Researchers at The Feinstein Institute for Medical Research, in Manhasset, New York, have now evaluated whether the motor improvements associated with delivery of AAV2-GAD to the STN were due to changes in PDRP or to other mechanisms.

They compared the brain metabolic networks of 36 Parkinson’s patients who participated in the previous double-blind, randomized, controlled Phase 2 trial: 15 in the AAV2-GAD group and 21 in the control group (sham surgery). These specialized brain scans were obtained at the beginning of the study, and six and 12 months after surgery.

“Current Parkinson’s disease therapies act on the abnormal disease network in the brain and often stop working over time as the body builds a tolerance,” David Eidelberg, MD, the study’s senior author and director of the Center for Neurosciences at the Feinstein Institute, said in a press release. “What we observed with AAV2-GAD therapy is quite the opposite.”

To the team’s surprise, AAV2-GAD did not change Parkinson’s abnormal brain circuitry, like current therapies, but instead promoted the formation of new brain networks connecting the STN to motor regions, which became mature one year after surgery.

Patients in the control group did not show this type of rewiring, and changes in UPDRS motor scores were found to be significantly associated only with the AAV2-GAD-specific brain metabolic network.

Data showed that while AAV2-GAD delivery to the STN did not act on the disease network, it induced the rewiring of key areas of the brain, compensating for the faulty circuitry and showing motor benefits for Parkinson’s patients.

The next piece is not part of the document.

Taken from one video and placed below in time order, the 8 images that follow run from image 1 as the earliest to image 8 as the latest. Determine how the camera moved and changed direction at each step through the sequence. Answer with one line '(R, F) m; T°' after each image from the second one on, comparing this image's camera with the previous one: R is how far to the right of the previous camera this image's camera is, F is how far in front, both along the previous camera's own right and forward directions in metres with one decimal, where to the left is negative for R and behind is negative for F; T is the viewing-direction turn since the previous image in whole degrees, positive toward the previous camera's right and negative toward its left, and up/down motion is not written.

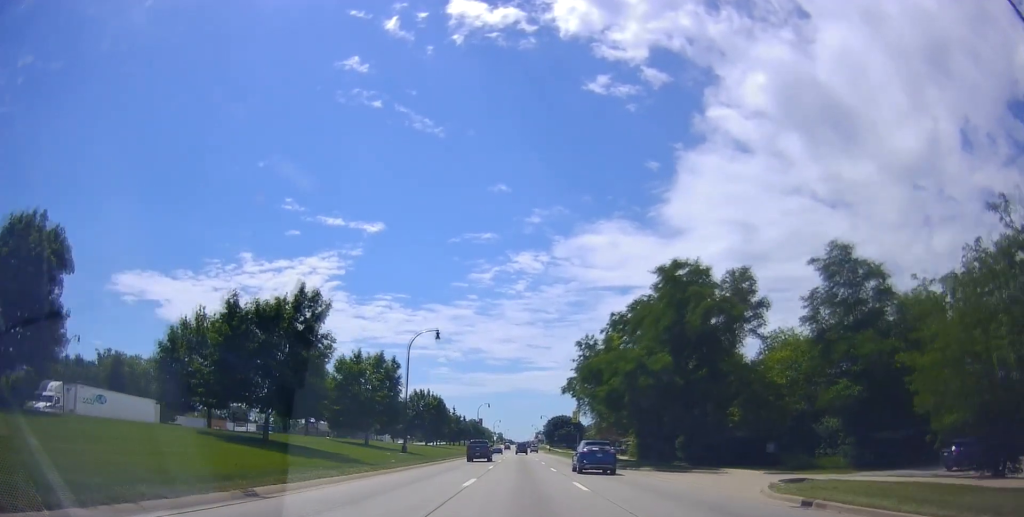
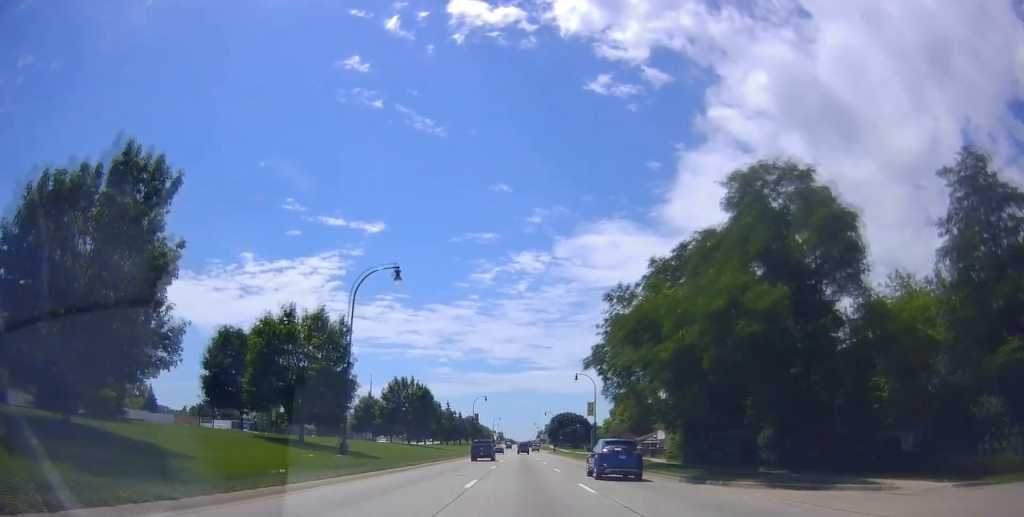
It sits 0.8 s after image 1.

The team noted that a larger Phase 3 trial is required to confirm these findings and the therapeutic effects of AAV2-GAD delivery to the STN, and that metabolic network analysis might be useful for evaluating therapeutic effectiveness in patients with neurological disorders in clinical trials.

“This latest work mapping the therapeutic benefit of AAV2-GAD gene therapy is a major next step to further refining therapies that combat the root causes of [Parkinson’s disease],” said Kevin J. Tracey, MD, Feinstein Institute’s president and CEO.